С. Т. помешал в стакане резной золоченой ложечкой, поднял ее, схлебнул и сказал:

— Вы, это, ее сторгуйте. Пятнадцать процентов дам, а что меньше двухсот — ваше.

Я называю деньги их настоящим именем, так как мне теперь было бы трудно высчитать, какая цепь нолей ставилась тогда после двухсот.

В то время тридцать золотых рублей по ощущению жизни равнялись нынешней тысяче. Держа в кармане тридцать рублей, каждый понимал, что "человек — это звучит гордо". Они весили пятнадцать пудов хлеба — полгода жизни. Но я мог еще выторговать ниже двухсот, заработав таким образом больше чем тридцать рублей.

Я получил толчок к действию, заглянув в шкапчик, где стояли пустые кастрюли, сковорода и горшок. (Я жил Робинзоном). Они пахли голодом. Было немного рыжей соли, чай из брусники с надписью "отборный любительский", сухие корки, картофельная шелуха.

Я боюсь голода, — ненавижу его и боюсь. Он — искажение человека. Это трагическое, но и пошлейшее чувство не щадит самых нежных корней души. Настоящую мысль голод подменяет фальшивой мыслью, — ее образ тот же, только с другим качеством. "Я остаюсь честным, — говорит человек, голодающий жестоко и долго, — потому что я люблю честность; но я только один раз убью (украду, солгу), потому что это необходимо ради возможности в дальнейшем оставаться честным". Мнение людей, самоуважение, страдания близких существуют, но как потерянная монета: она есть и ее нет. Хитрость, лукавство, цепкость — все служит пищеварению. Дети съедят вполовину кашу, выданную в столовой, пока донесут домой; администрация столовой скрадет, больницы — скрадет, склада — скрадет. Глава семейства режет в кладовой хлеб и тайно пожирает его, стараясь не зашуметь. С ненавистью встречают знакомого, пришедшего на жалкий пар нищей, героически добытой трапезы.

Но это не худшее, так как оно из леса; хуже, когда старательно загримированная кукла, очень похожая на меня (тебя, его…) нагло вытесняет душу из ослабевшего тела и радостно бежит за куском, твердо и вдруг уверившись, что она-то и есть тот человек, какого она зацапала. Тот потерял уже все, все исказил: вкусы, желания, мысли и свои истины. У каждого человека есть свои истины. И он упорно говорит: "Я, Я, Я", — подразумевая куклу, которая твердит то же и с тем же смыслом. Я не раз испытывал, глядя на сыры, окорока или хлебы, почти духовное перевоплощение этих «калорий»: они казались исписанными парадоксами, метафорами, тончайшими аргументами самых праздничных, светлых тонов; их логический вес равнялся количеству фунтов. И даже был этический аромат, то есть собственное голодное вожделение.
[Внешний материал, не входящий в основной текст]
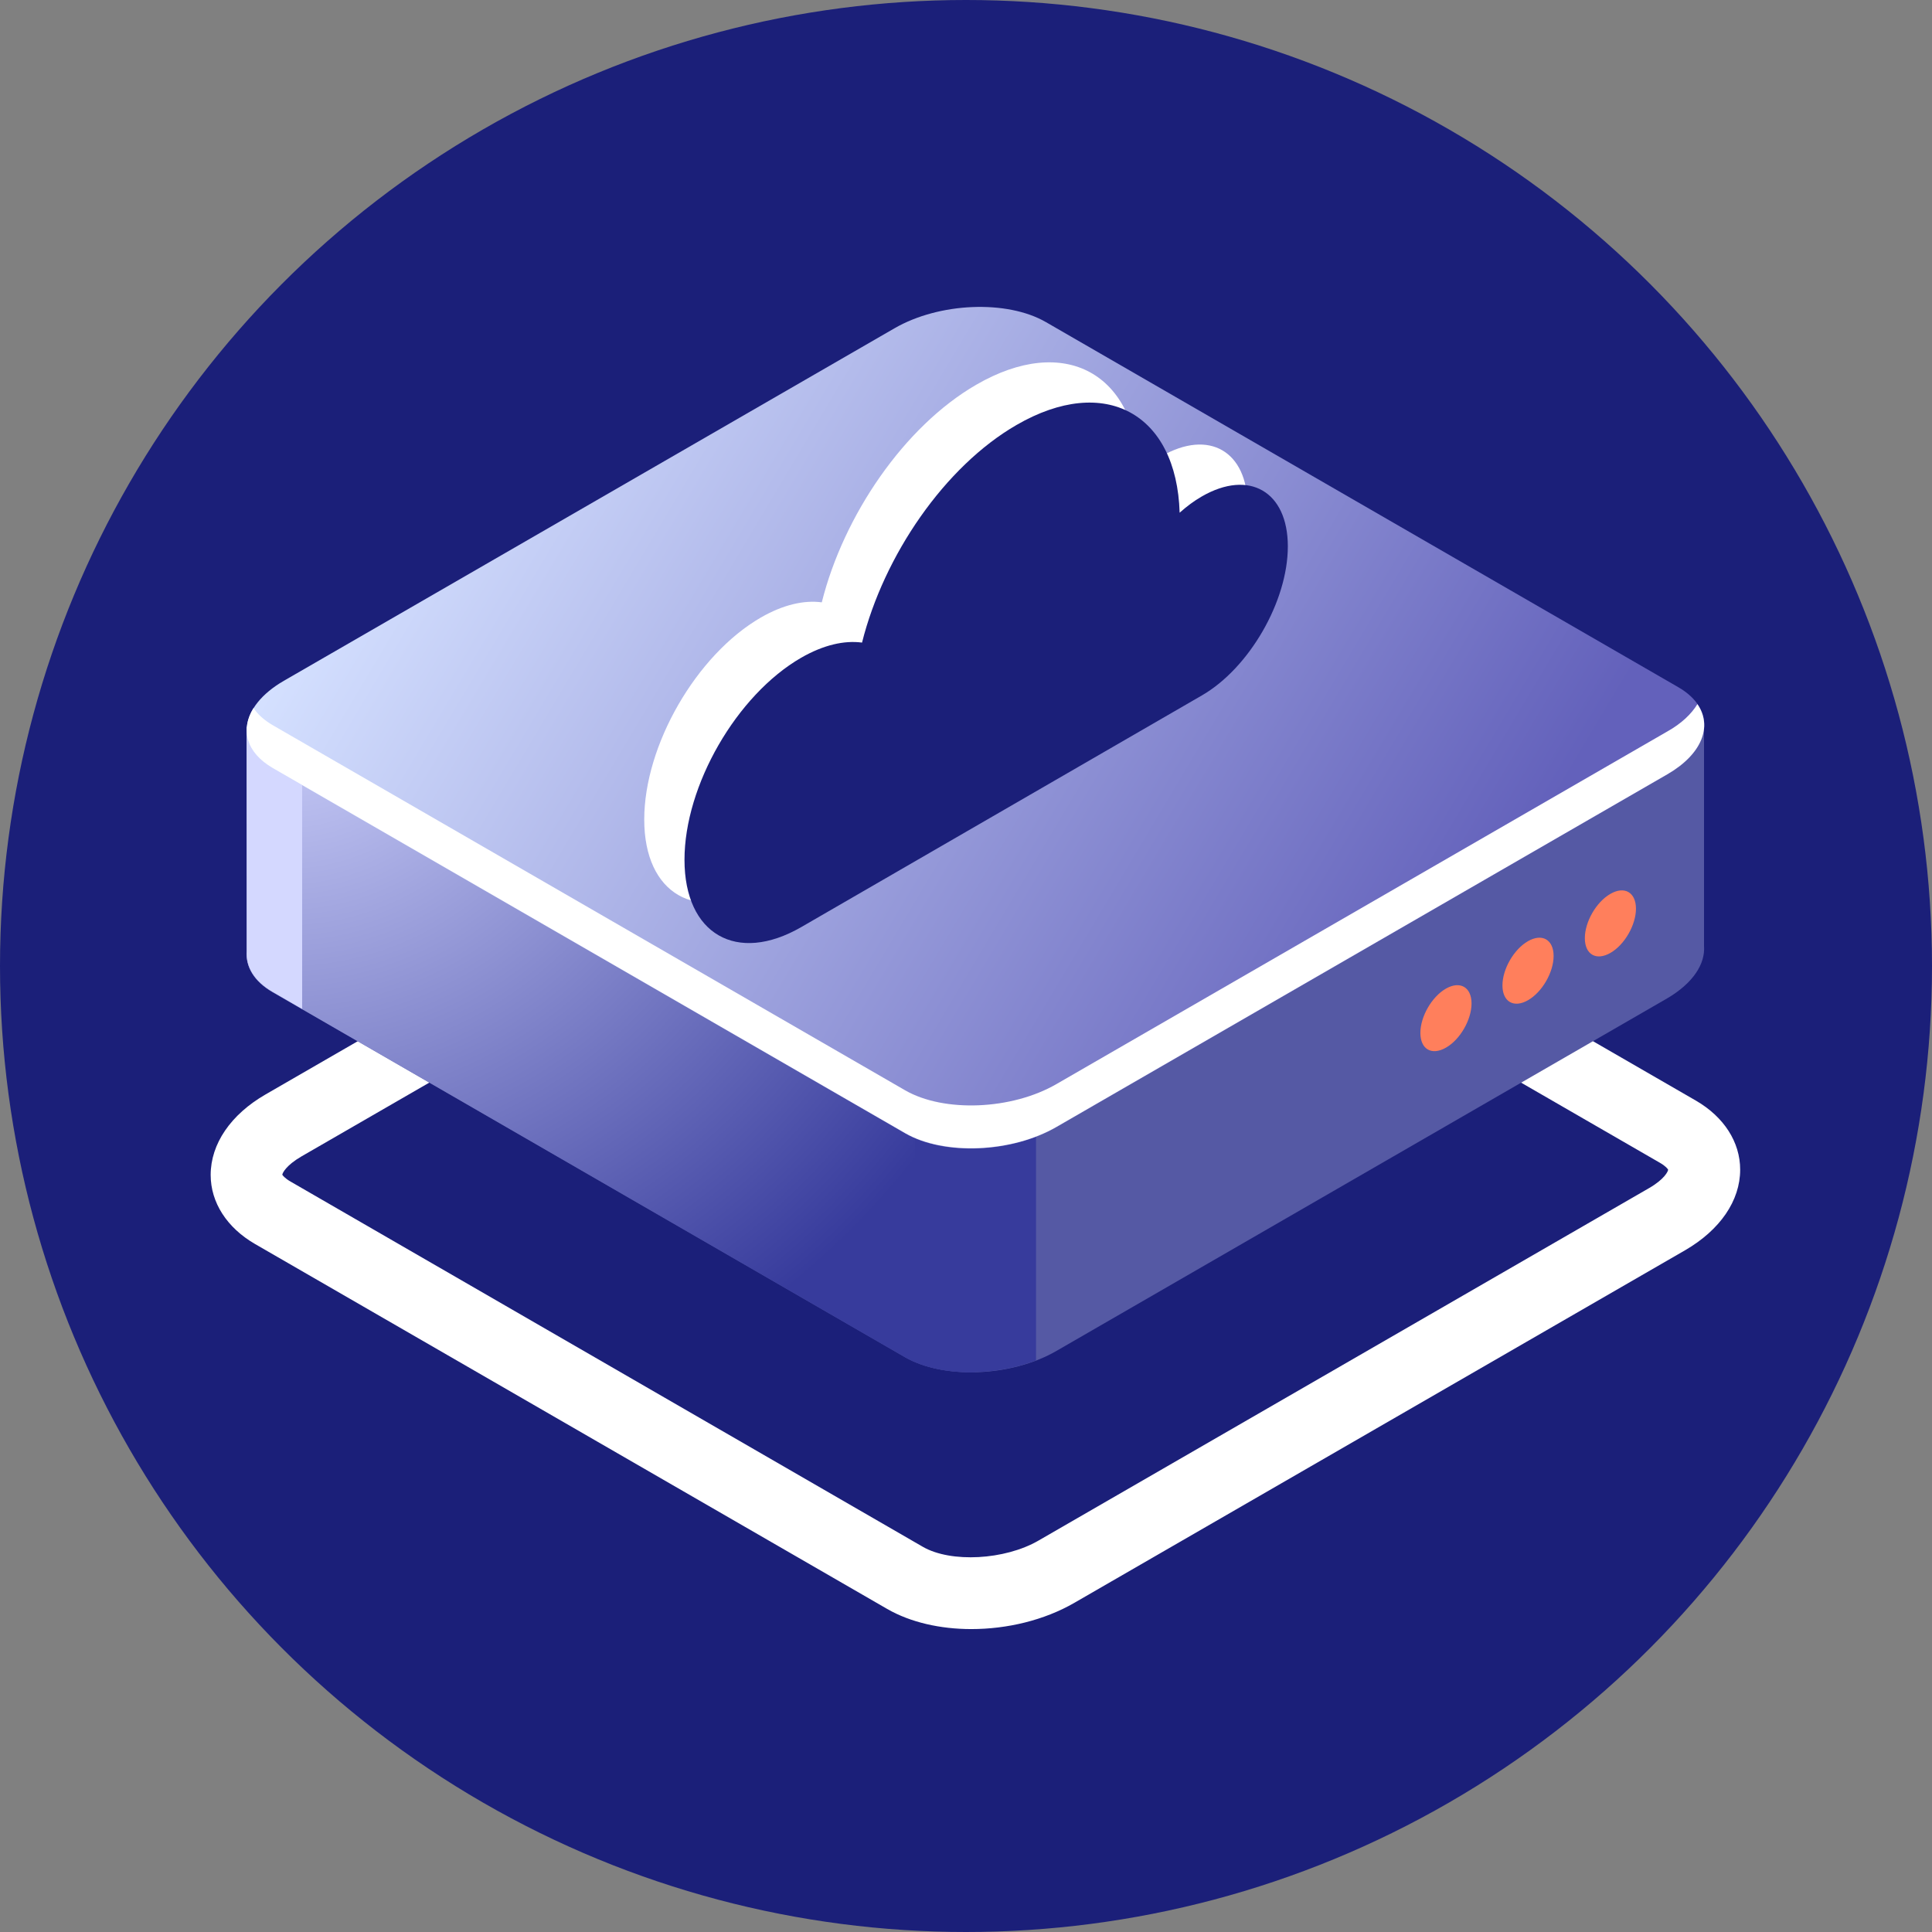 <svg xmlns:xlink="http://www.w3.org/1999/xlink" xmlns="http://www.w3.org/2000/svg" width="48" height="48" viewBox="0 0 48 48" fill="none"><rect x="0" y="0" width="48" height="48" fill="#808080" stroke="none"/><circle cx="24" cy="24" r="24" fill="#1B1F79"/><path d="M24.131 40.474C23.365 40.474 22.623 40.308 22.044 39.975L6.333 30.905C5.638 30.502 5.234 29.876 5.234 29.191C5.234 28.419 5.734 27.688 6.601 27.189L21.771 18.431C23.173 17.625 25.175 17.554 26.425 18.275L42.135 27.345C42.831 27.749 43.234 28.374 43.234 29.06C43.234 29.831 42.735 30.557 41.868 31.061L26.697 39.819C25.941 40.257 25.018 40.474 24.131 40.474ZM22.931 38.432C23.627 38.831 24.963 38.76 25.8 38.276L40.971 29.518C41.354 29.297 41.444 29.1 41.444 29.06C41.44 29.049 41.389 28.974 41.238 28.888L25.528 19.818C24.837 19.42 23.496 19.49 22.659 19.974L7.488 28.732C7.105 28.954 7.014 29.15 7.014 29.186C7.019 29.196 7.07 29.271 7.221 29.357L22.931 38.432Z" fill="white"/><path d="M42.336 23.499V18.079L30.18 18.074L25.98 15.649C25.017 15.095 23.334 15.16 22.219 15.805L18.297 18.069L6.131 18.064V23.64C6.106 24.018 6.312 24.381 6.776 24.649L22.486 33.719C23.45 34.273 25.134 34.208 26.248 33.563L41.419 24.805C42.064 24.427 42.371 23.948 42.336 23.499Z" fill="#5559A4"/><path d="M24.232 15.277C23.526 15.293 22.795 15.474 22.215 15.807L18.293 18.07L6.127 18.066V23.642C6.102 24.02 6.309 24.383 6.772 24.65L22.483 33.72C22.947 33.987 23.577 34.108 24.227 34.093V15.277H24.232Z" fill="url(#paint0_radial_19303_81160)"/><path d="M7.507 18.059H6.131V23.635C6.106 24.013 6.312 24.376 6.776 24.643L7.507 25.067V18.059Z" fill="#D4D8FF"/><path d="M22.73 33.835C23.562 34.193 24.767 34.172 25.74 33.799V27.467H22.73V33.835Z" fill="#373B9C"/><path d="M22.489 28.158L6.779 19.088C5.816 18.533 5.937 17.56 7.051 16.915L22.222 8.157C23.336 7.512 25.02 7.446 25.983 8.001L41.693 17.071C42.656 17.625 42.535 18.599 41.421 19.244L26.25 28.002C25.136 28.647 23.452 28.717 22.489 28.158Z" fill="url(#paint1_linear_19303_81160)"/><path d="M41.421 18.175L26.25 26.932C25.136 27.578 23.452 27.643 22.489 27.089L6.778 18.018C6.562 17.892 6.405 17.751 6.299 17.59C5.967 18.124 6.118 18.699 6.778 19.082L22.489 28.152C23.452 28.707 25.136 28.642 26.25 27.996L41.421 19.239C42.288 18.739 42.55 18.044 42.172 17.494C42.021 17.741 41.773 17.978 41.421 18.175Z" fill="white"/><path d="M36.56 24.93C36.56 25.334 36.277 25.828 35.924 26.029C35.571 26.231 35.289 26.07 35.289 25.662C35.289 25.258 35.571 24.764 35.924 24.562C36.277 24.361 36.56 24.527 36.56 24.93Z" fill="#FF7F5C"/><path d="M38.599 23.751C38.599 24.154 38.316 24.648 37.963 24.85C37.611 25.052 37.328 24.89 37.328 24.482C37.328 24.078 37.611 23.584 37.963 23.383C38.316 23.181 38.599 23.347 38.599 23.751Z" fill="#FF7F5C"/><path d="M40.645 22.576C40.645 22.979 40.363 23.473 40.01 23.675C39.657 23.877 39.375 23.715 39.375 23.307C39.375 22.904 39.657 22.41 40.01 22.208C40.358 22.006 40.645 22.168 40.645 22.576Z" fill="#FF7F5C"/><path d="M28.857 11.335C28.667 11.444 28.483 11.582 28.308 11.738C28.232 9.268 26.449 8.289 24.256 9.558C22.471 10.589 20.959 12.801 20.417 14.965C19.977 14.906 19.458 15.022 18.9 15.344C17.302 16.269 16.005 18.515 16.006 20.363C16.007 22.212 17.303 22.957 18.904 22.035L28.86 16.278C30.039 15.597 30.997 13.935 30.996 12.573C30.995 11.212 30.037 10.654 28.857 11.335Z" fill="white"/><path d="M29.857 12.335C29.667 12.444 29.483 12.582 29.308 12.738C29.232 10.268 27.449 9.289 25.256 10.558C23.471 11.589 21.959 13.801 21.417 15.965C20.977 15.906 20.458 16.022 19.9 16.344C18.302 17.269 17.005 19.515 17.006 21.363C17.007 23.212 18.303 23.957 19.904 23.035L29.86 17.278C31.039 16.597 31.997 14.935 31.996 13.573C31.995 12.212 31.037 11.654 29.857 12.335Z" fill="#1B1F79"/><defs><radialGradient id="paint0_radial_19303_81160" cx="0" cy="0" r="1" gradientUnits="userSpaceOnUse" gradientTransform="translate(7.125 16.484) scale(19.86 19.86)"><stop stop-color="#D4D8FF"/><stop offset="1" stop-color="#373B9C"/></radialGradient><linearGradient id="paint1_linear_19303_81160" x1="10.874" y1="10.115" x2="41.984" y2="28.662" gradientUnits="userSpaceOnUse"><stop stop-color="#D4E0FF"/><stop offset="0.797" stop-color="#6361BB"/></linearGradient></defs></svg>

— Очевидно, — говорил я, — так естественен, разумен, так прост путь от прилавка к желудку…

Да, это бывало, со всей ложной искренностью таких умопомрачений, а потому я, как сказал, голода не люблю. Как раз теперь встречаю я странно построенных людей с очень живым напоминанием об осьмушке овса. Это воспоминание переломилось у них на романтический лад, и я не понимаю сей музыкальной вибрации. Ее можно рассматривать как оригинальный цинизм. Пример: стоя перед зеркалом, один человек влепляет себе умеренную пощечину. Это — неуважение к себе. Если такой опыт произведен публично, — он означает неуважение и к себе и к другим.